# Whos given up espresso for brewed?



## Robbo (Feb 17, 2016)

Im just wandering how many of you have started out on the espresso road and then left it behind after discovering the brewed methods.

It might be a phase but I seem to be using my hand grinder and aeropress a lot more lately while the gaggia and mignon has a rest.

Now i find myself looking at chemex,V60 and even a brazen plus machine.


----------



## MWJB (Feb 28, 2012)

I make a few shots every couple of months, brewed every day.


----------



## Rhys (Dec 21, 2014)

I started on brewed, went espresso, then went brewed again when I went through a phase of not getting decent results from light roasted beans. Now I'm using both as I find that it suits whatever mood I'm in and how quick I want a coffee. If I have the time to mess around, I'll switch in the Pavoni and get all my stuff out of the cupboard (tamper, mat & other stuff). If I want less faff I'll just use the V60, Bodum pour over or AeroPress. Having two grinders helps as the little Isomac is on demand and I use that for brewed. The major is more faff to single dose and is usually set for espresso.

It's good to keep options open and not push one away in favour of another. They all bring out their own characteristics in the cup.


----------



## Rhys (Dec 21, 2014)

@fatboyslim


----------



## fatboyslim (Sep 29, 2011)

Ha!

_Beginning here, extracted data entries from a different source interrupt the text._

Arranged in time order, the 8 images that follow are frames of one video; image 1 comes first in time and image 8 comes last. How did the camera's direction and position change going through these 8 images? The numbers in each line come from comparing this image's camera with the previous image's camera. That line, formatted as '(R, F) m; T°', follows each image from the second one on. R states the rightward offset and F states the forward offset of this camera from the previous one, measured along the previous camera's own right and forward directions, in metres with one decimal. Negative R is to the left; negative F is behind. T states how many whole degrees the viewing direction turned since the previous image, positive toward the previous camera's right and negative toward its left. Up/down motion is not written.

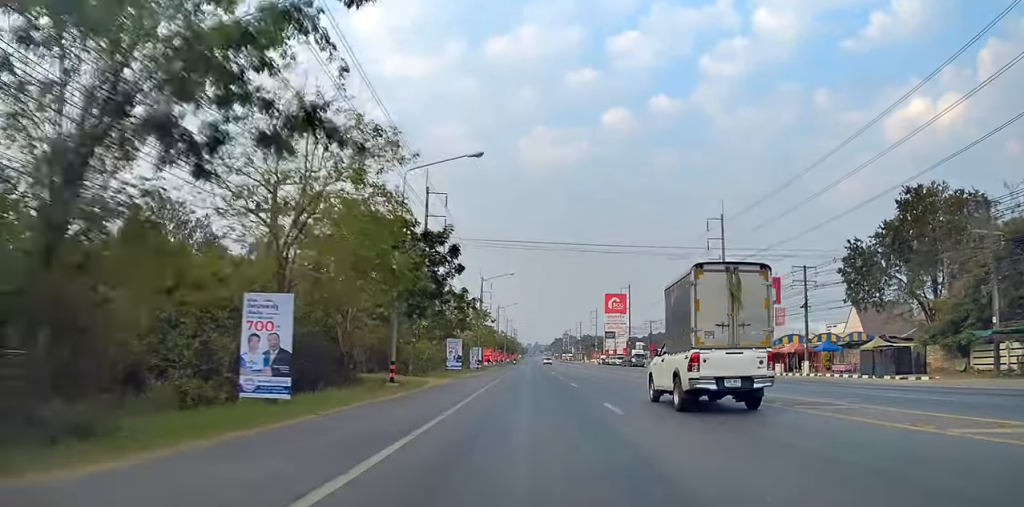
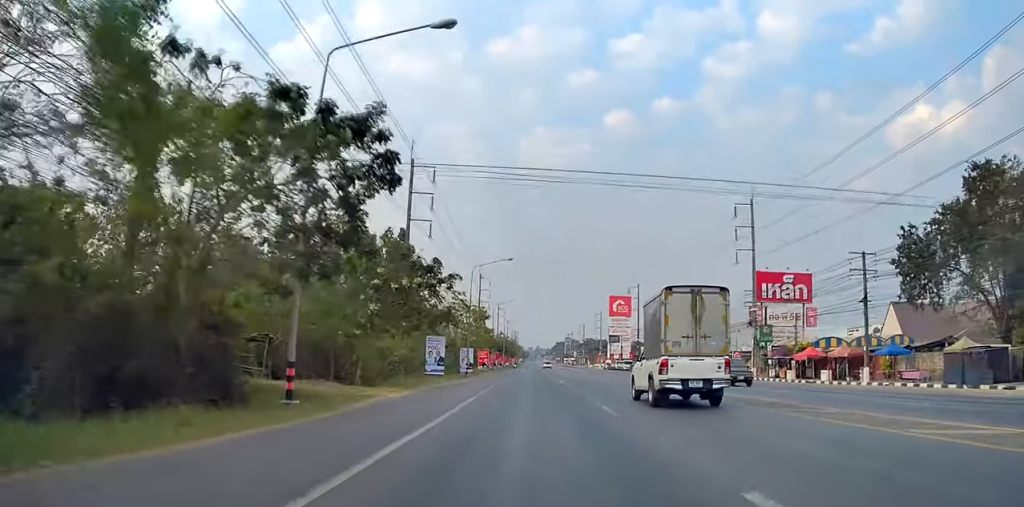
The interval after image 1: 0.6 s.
(-0.1, +10.3) m; 0°
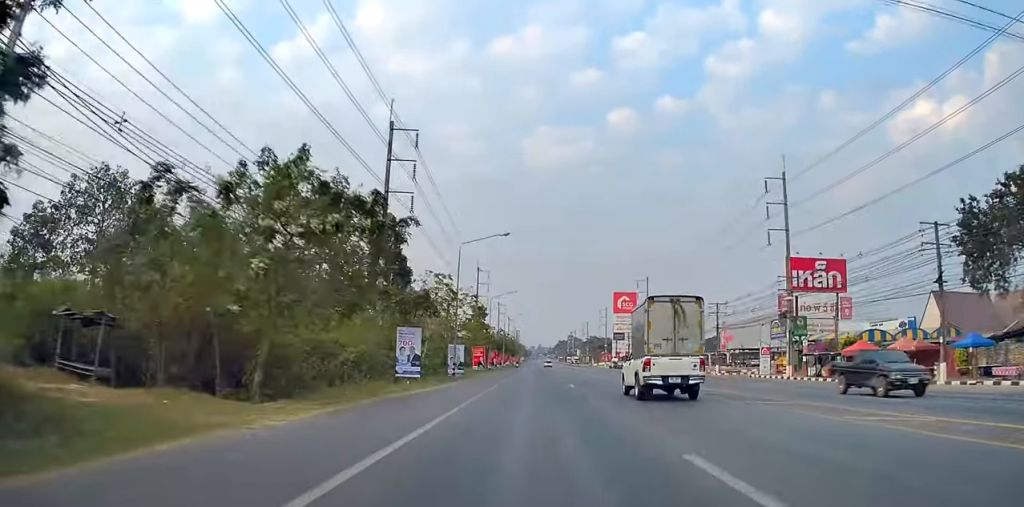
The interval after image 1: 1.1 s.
(-0.1, +9.5) m; 0°
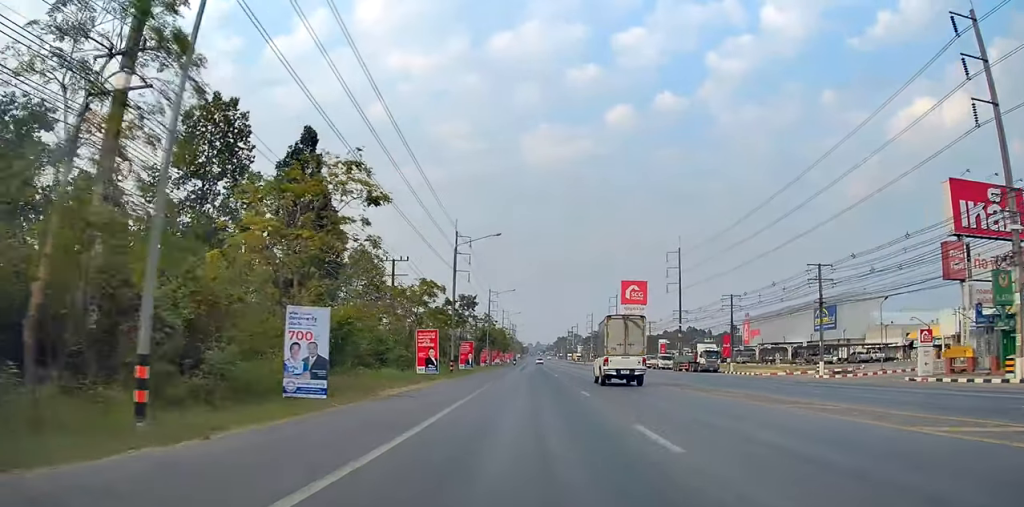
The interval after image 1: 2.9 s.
(+0.3, +32.3) m; +1°
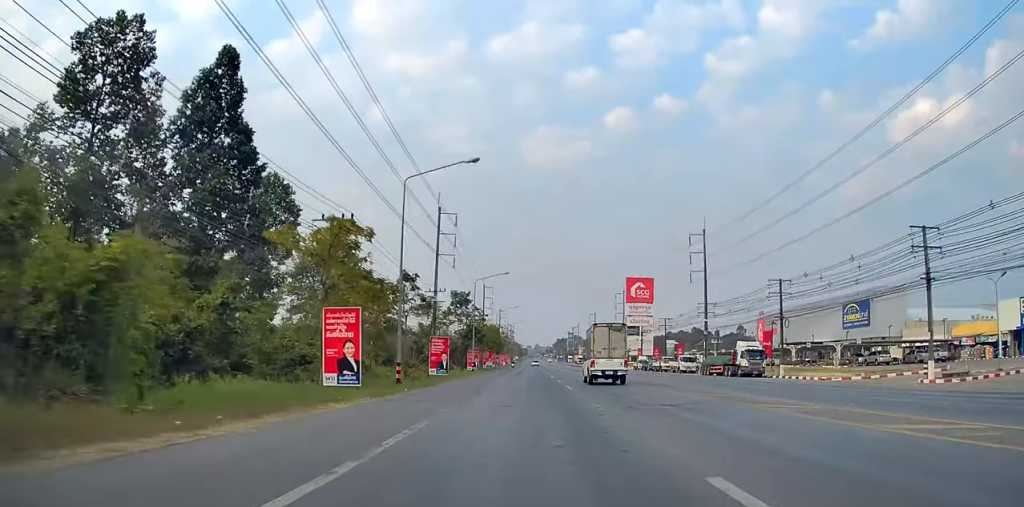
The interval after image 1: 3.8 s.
(+0.1, +16.1) m; 0°
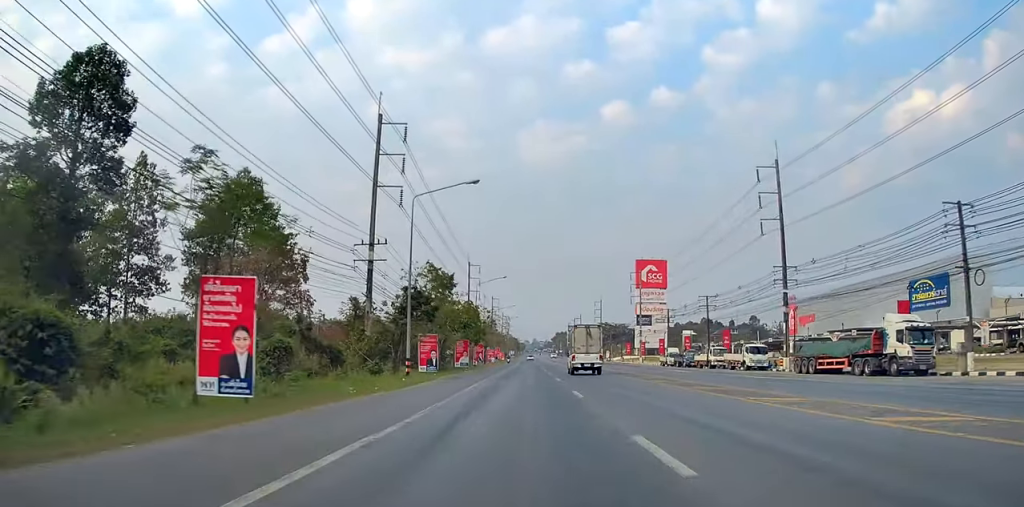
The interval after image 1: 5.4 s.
(+0.3, +29.1) m; +1°
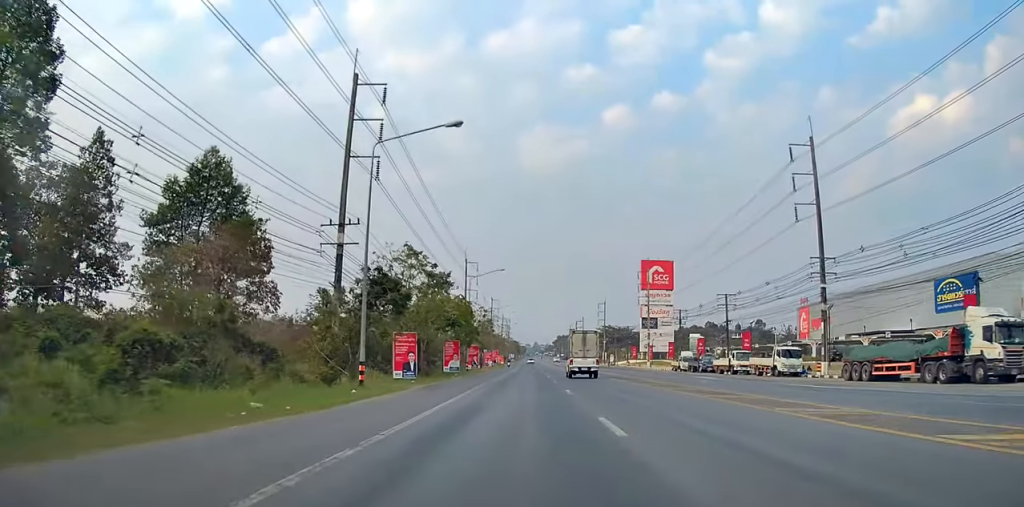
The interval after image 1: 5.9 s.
(+0.2, +7.9) m; 0°
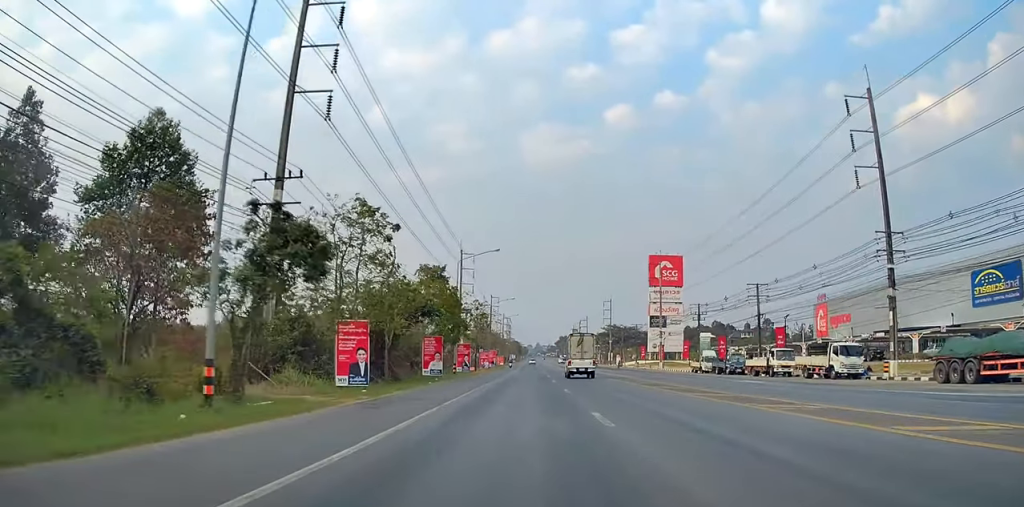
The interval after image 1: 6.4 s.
(0.0, +10.0) m; -1°

I used to chuckle naively when people would start talking about brewed, naturally thinking espresso was vastly superior but I've now learnt a lot more about brewed and I know longer own an espresso machine.

I occasionally pop into a decent cafe and order an espresso but it just doesn't push the same buttons as it used to. I do miss this those special mornings when I was 4-5 double espressos in and reality started to ebb away.

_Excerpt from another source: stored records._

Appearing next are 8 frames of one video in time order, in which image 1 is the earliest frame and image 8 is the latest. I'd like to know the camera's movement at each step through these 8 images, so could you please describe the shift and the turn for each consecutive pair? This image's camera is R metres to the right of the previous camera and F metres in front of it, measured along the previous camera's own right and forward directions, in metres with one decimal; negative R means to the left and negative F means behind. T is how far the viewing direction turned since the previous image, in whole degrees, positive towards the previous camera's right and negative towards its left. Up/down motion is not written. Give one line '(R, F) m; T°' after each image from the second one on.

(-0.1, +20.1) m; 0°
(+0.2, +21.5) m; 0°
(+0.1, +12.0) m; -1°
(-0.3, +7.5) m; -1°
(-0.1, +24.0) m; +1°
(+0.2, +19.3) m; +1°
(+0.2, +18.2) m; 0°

For me the biggest revolution was changing my water.

Great thread btw


----------



## jlarkin (Apr 26, 2015)

I'd been enjoying brewed coffee all along anyway but have found I've been drinking espresso even less often. Maybe twice a week I've been having a couple of espresso whereas brewed, with various methods, I'm having several times a day, every day.


----------



## Step21 (Oct 2, 2014)

When i first joined the forum i thought that i was looking for an espresso machine. I soon discovered that i didn't fancy the outlay on a decent machine/grinder combo.

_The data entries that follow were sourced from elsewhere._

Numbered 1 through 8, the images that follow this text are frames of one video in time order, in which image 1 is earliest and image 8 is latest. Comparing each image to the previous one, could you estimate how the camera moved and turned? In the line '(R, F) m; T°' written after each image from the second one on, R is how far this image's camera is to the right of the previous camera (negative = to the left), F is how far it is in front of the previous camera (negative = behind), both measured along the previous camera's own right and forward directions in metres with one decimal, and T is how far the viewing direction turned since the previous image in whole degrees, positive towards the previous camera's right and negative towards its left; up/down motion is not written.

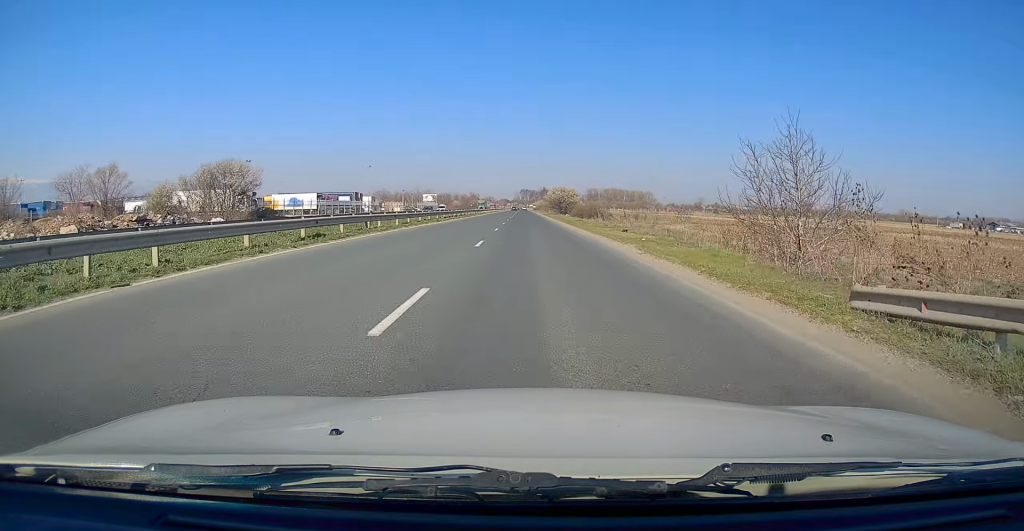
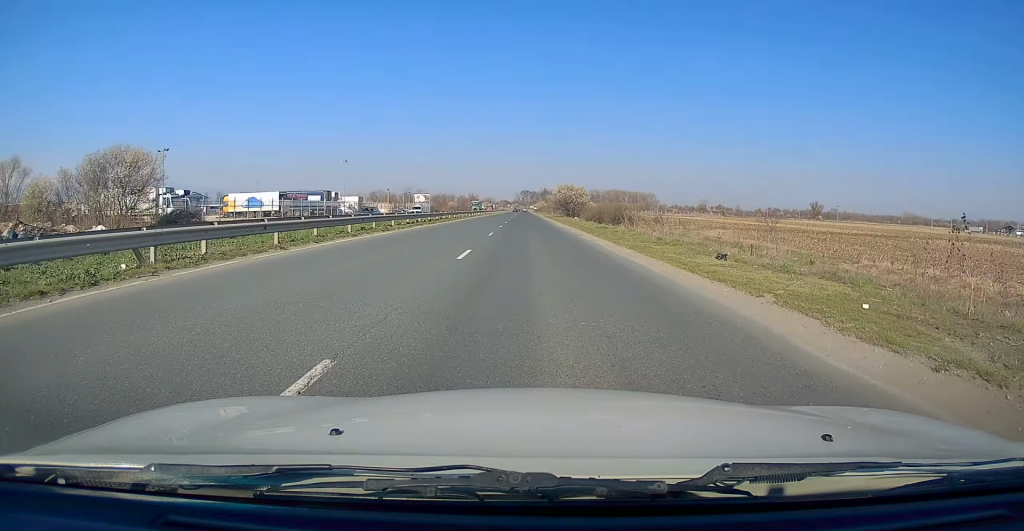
(0.0, +15.9) m; 0°
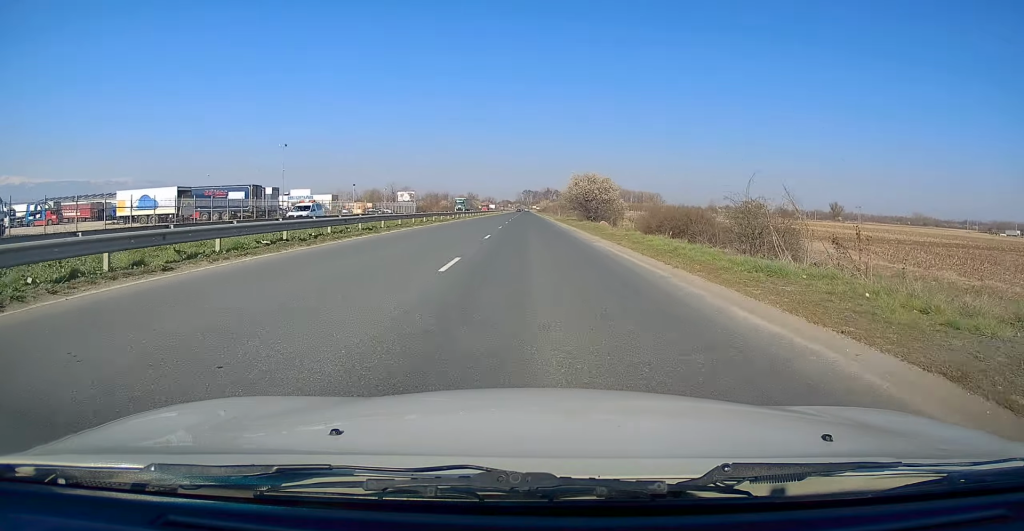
(0.0, +26.6) m; 0°
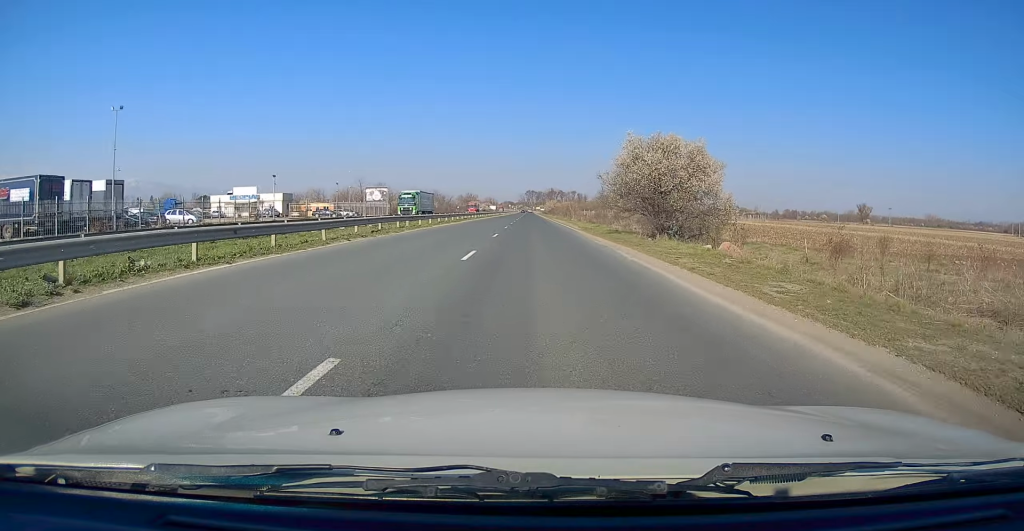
(+0.1, +33.2) m; 0°
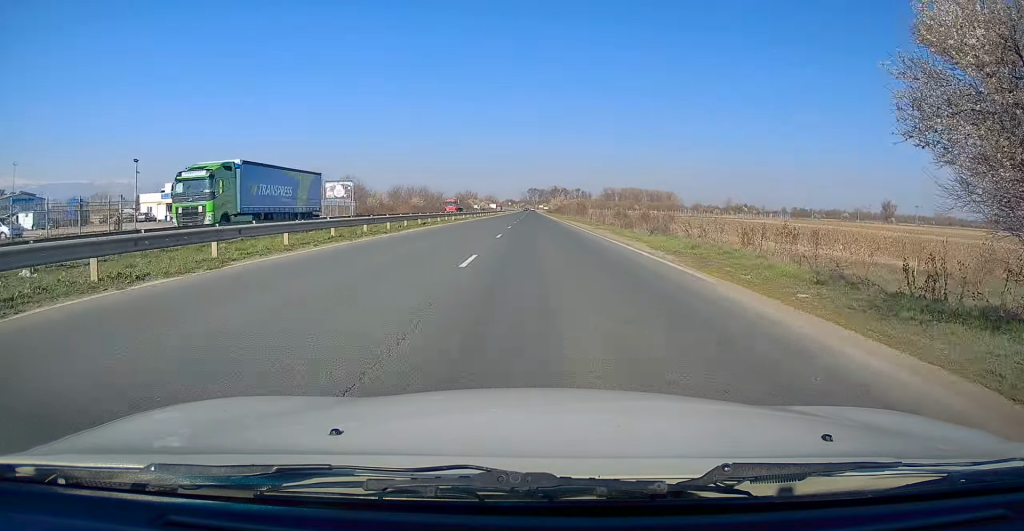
(-0.1, +25.9) m; 0°
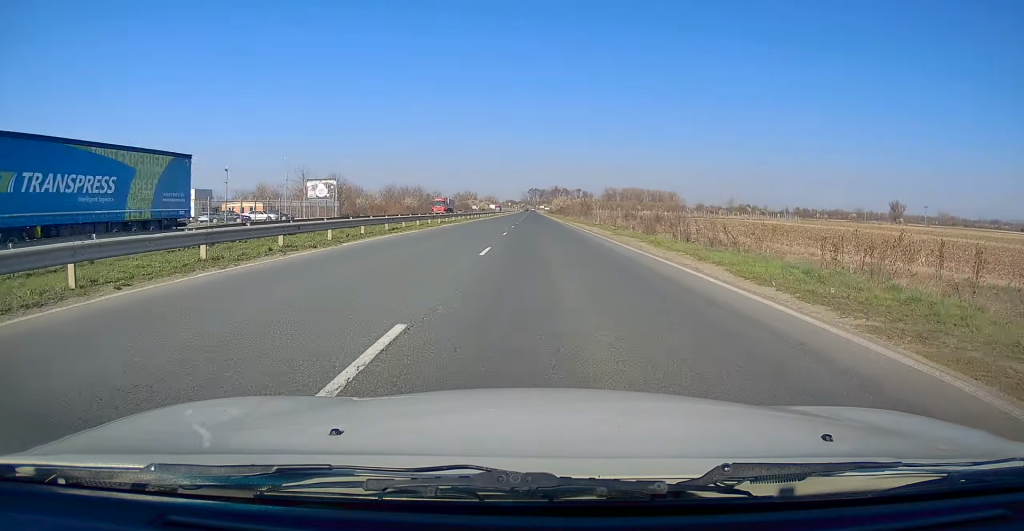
(0.0, +8.6) m; 0°
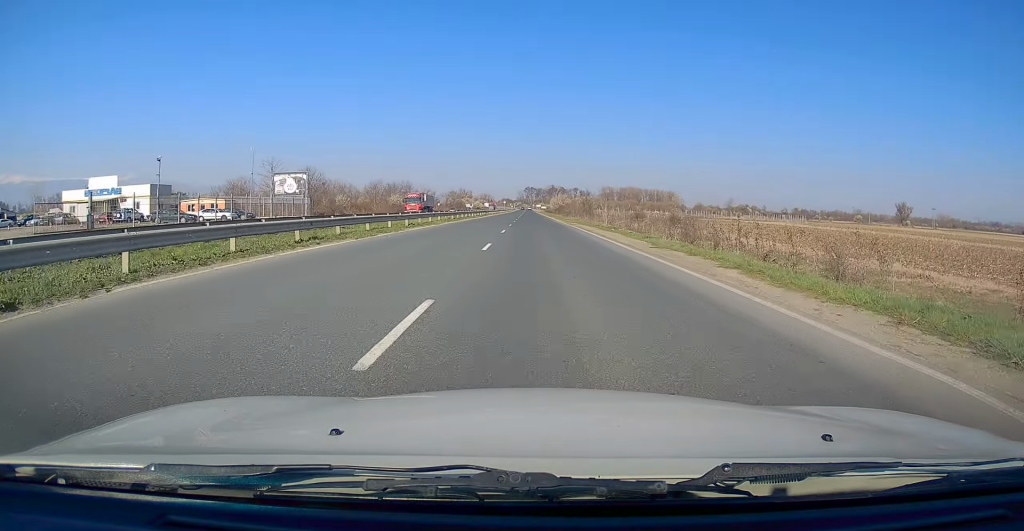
(0.0, +10.6) m; 0°
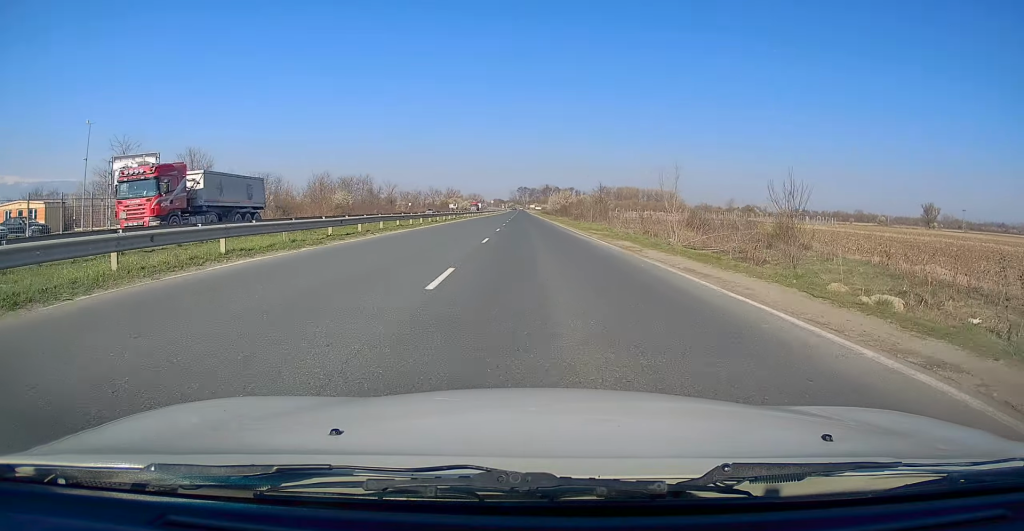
(0.0, +31.9) m; 0°

So i turned to brewed with an aeropress.

With great advice and assistance from many forum members especially @MWJB i was soon learning how to make delicious brewed coffee. Can't see me ever making the espresso machine outlay now.


----------



## jeebsy (May 5, 2013)

Espresso is what you drink while your brewed is cooling down


----------



## PPapa (Oct 24, 2015)

When I joined this forum, I felt like there isn't much passion for brewed.

But we have MWJB and few others drink brewed daily. Which is quite nice







.


----------



## fatboyslim (Sep 29, 2011)

jeebsy said:


> Espresso is what you drink while your brewed is cooling down


And brewed is what you drink while your espresso machine warms up and/or you're dialing the grind in and wasting those precious beans!


----------



## Rhys (Dec 21, 2014)

jeebsy said:


> Espresso is what you drink while your brewed is cooling down


Exactly!


----------



## coffeechap (Apr 5, 2012)

What is brewed?


----------



## Robbo (Feb 17, 2016)

fatboyslim said:


> Ha! I used to chuckle naively when people would start talking about brewed, naturally thinking espresso was vastly superior but I've now learnt a lot more about brewed and I know longer own an espresso machine.
> 
> I occasionally pop into a decent cafe and order an espresso but it just doesn't push the same buttons as it used to. I do miss this those special mornings when I was 4-5 double espressos in and reality started to ebb away.
> 
> ...


The thing is, i would probably do the same and drop the espresso machine but now the mrs has a taste for the lattes which i have spent months perfecting.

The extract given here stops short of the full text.